Mar 22 2023

Draft Report on the Implementation of Cookies

The European Data Protection Board (EDPB), specifically the Cookie Banner Taskforce, one of the EDPB’s Working Groups, published on 17 January a draft report on banner implementation practices and Cookie settings.

The opinions published in this document are the result of the coordination of the members of the aforementioned Taskforce to respond to the more than 700 complaints addressed to the different European Supervisory Authorities about the deficiency and lack of uniform criteria for the implementation of Cookie Banners, received by NOYB, a non-profit organisation that acts under the motto ”My Privacy is None of Your Business” and promoted by Max Schrems.

However, the opinions issued are limited to a minimal assessment of the correct implementation of the cookie banner and other related practices. The European Data Protection Board itself warns of this, indicating that the provisions of the publication do not constitute definitive conclusions but are merely a Draft Report, or draft, and that the final analysis will have to be carried out by the different European supervisory authorities and in any case, in accordance with the national regulations transposing the different European Directives on privacy and electronic communications.

What are the main considerations to bear in mind about Cookies?

Reject Button on the First Layer

The EDPB has concluded that it is necessary to include a button or option on the first layer, so that the User can explicitly reject all cookies, except those that are technical or necessary.

Design Defect to Reject Cookies

Another of the practices that the Working Group has included in this first Draft Report is the practice of configuring the rejection of cookies via a link instead of a button on the first layer.
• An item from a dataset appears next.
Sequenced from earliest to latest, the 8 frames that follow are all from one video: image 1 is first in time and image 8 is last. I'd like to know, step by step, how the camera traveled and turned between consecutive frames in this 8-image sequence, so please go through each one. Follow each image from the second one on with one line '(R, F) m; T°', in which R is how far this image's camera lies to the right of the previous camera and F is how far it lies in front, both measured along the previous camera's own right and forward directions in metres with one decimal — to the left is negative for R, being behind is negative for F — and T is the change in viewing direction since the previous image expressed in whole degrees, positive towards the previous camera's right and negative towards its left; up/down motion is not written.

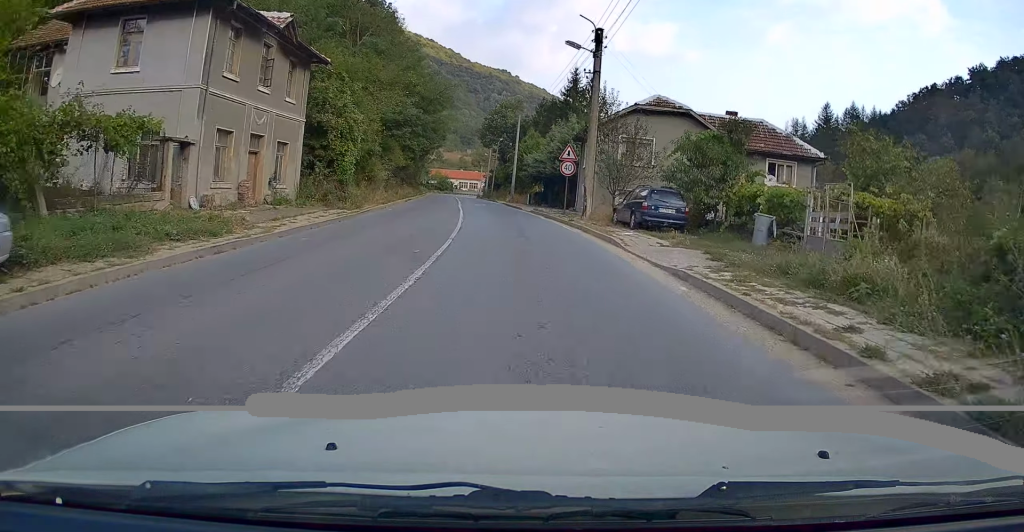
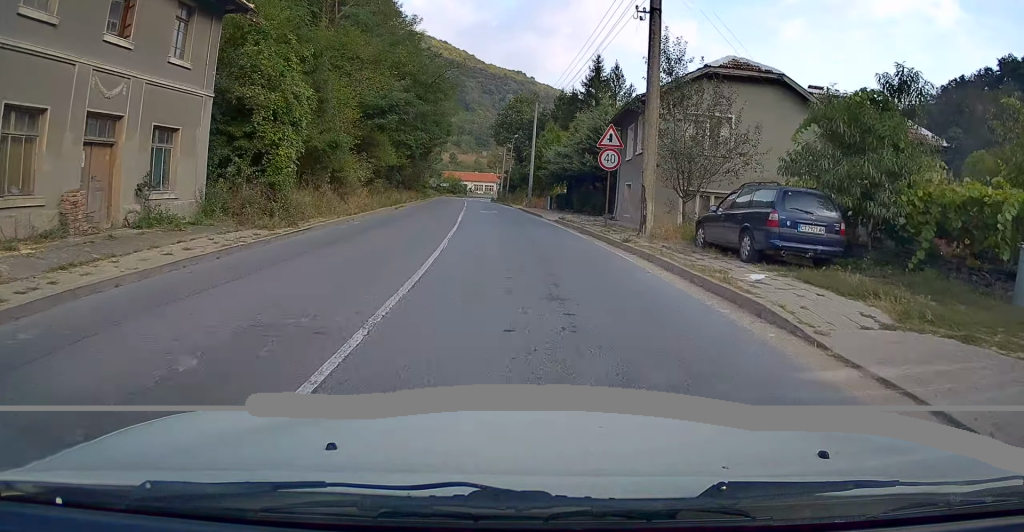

This type of configuration makes it difficult for the user to see this option and therefore to exercise their free, express and unequivocal consent.

Pre-Ticked Boxes

With regard to the setting or customisation of Cookies, it has been found that many European websites are configured in such a way that the preference of cookies is pre-selected. The opinion expressed by the Working Group is that Cookies cannot be pre-set or pre-selected, except for cookies that do not require your consent, i.e. technical cookies. Therefore pre-checked or pre-selected boxes will be considered as non-explicit consent and therefore invalid.
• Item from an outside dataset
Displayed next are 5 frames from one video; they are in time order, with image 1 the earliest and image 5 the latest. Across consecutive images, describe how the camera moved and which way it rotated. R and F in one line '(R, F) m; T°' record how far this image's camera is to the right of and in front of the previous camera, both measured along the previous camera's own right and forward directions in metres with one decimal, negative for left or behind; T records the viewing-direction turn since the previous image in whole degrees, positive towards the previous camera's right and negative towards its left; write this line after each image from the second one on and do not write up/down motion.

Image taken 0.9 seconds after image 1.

Deceptive Button Colours & “Deceptive Button Contrast”

Likewise, the Working Group goes on to analyse the design of the cookies banner, criticising the selection of colours or contrast between the buttons to accept, configure or reject cookies that highlight the button ACCEPT to the User. The Working Group has issued a favourable opinion to question the validity of the Cookie Banner when the design has been implemented in a misleading way for the acceptance of Users.

Inaccurately Classified Essential Cookies

The EDPB has been able to analyse how data controllers have classified as ‘necessary’ or ‘strictly necessary’ some cookies whose purpose is far from the purpose of essential or necessary cookies under Article 5(3) of the ePrivacy Directive. In this regard, Opinion 4/2012 on the cookie consent exemption has already ruled on the correct identification of necessary cookies, in particular the fact that cookies that allow the website to save user preferences about the service offered on the website can be considered necessary cookies..

In our opinion, the European Data Protection Board limits itself to issuing a vague opinion on basic issues but does not pronounce itself on more complex issues that have been requested by the sector, including defining a final list of Cookies that are considered necessary or essential, and therefore do not require obtaining the User’s consent; as well as specifying and determining what is considered a visible place to withdraw consent.

Cookies are not a trivial matter, as even the major operators are still not clear on the issue, as evidenced by the recent sanction imposed by the French Data Protection Control Authority (”CNIL”) on TikTok at the beginning of 2023 for failing to adequately obtain consent for cookies from French users.

It remains to be seen whether in the final version of the Report the European Data Protection Board’s working group will finally pronounce itself on a wider range of issues in order to provide clear and uniform guidelines for European websites, thus ensuring greater legal certainty.